___ Data for the task

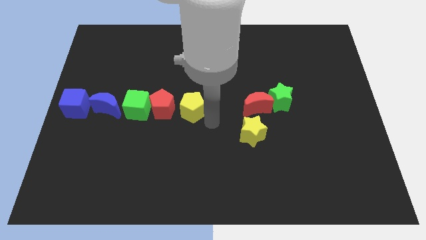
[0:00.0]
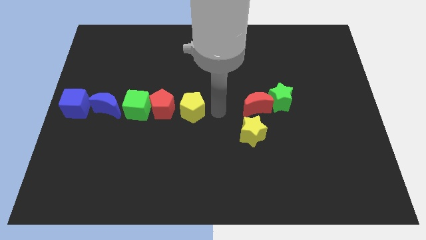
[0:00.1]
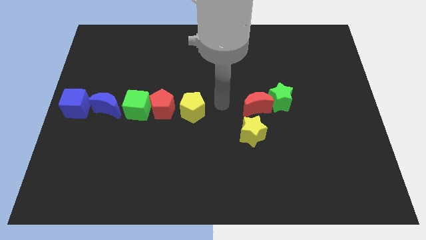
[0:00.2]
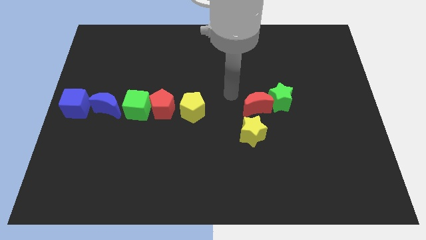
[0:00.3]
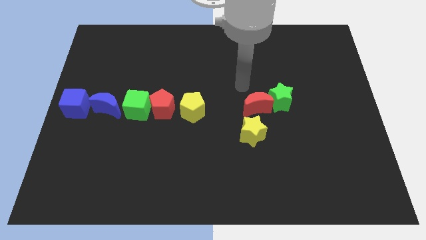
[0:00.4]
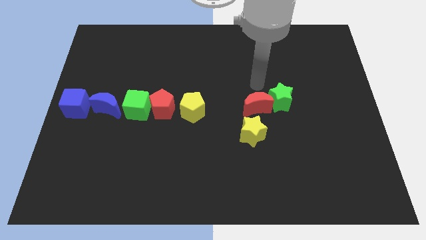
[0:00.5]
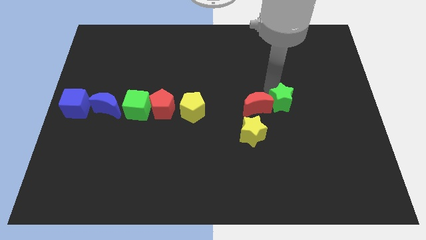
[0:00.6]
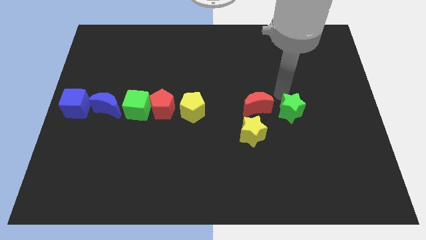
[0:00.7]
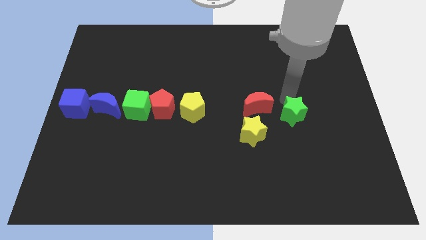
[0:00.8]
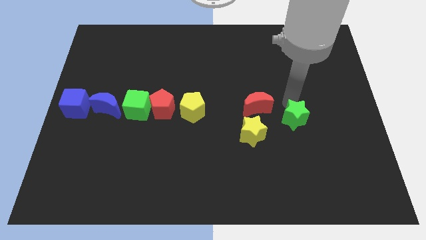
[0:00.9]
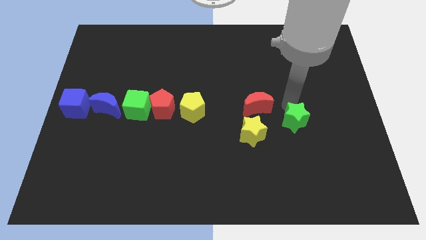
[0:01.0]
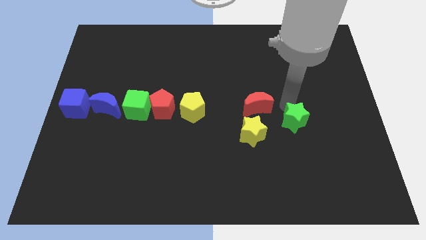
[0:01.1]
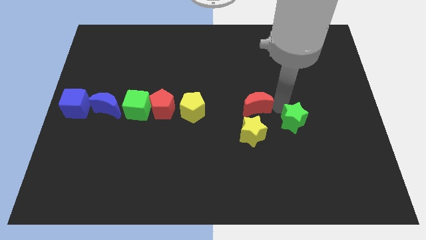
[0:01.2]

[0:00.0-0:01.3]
separate the green star from red crescent

______

About this task:
Print every entry above again, exactly as written. Leave the images out.

Output for this task:
[0:00.0]
[0:00.1]
[0:00.2]
[0:00.3]
[0:00.4]
[0:00.5]
[0:00.6]
[0:00.7]
[0:00.8]
[0:00.9]
[0:01.0]
[0:01.1]
[0:01.2]

[0:00.0-0:01.3]
separate the green star from red crescent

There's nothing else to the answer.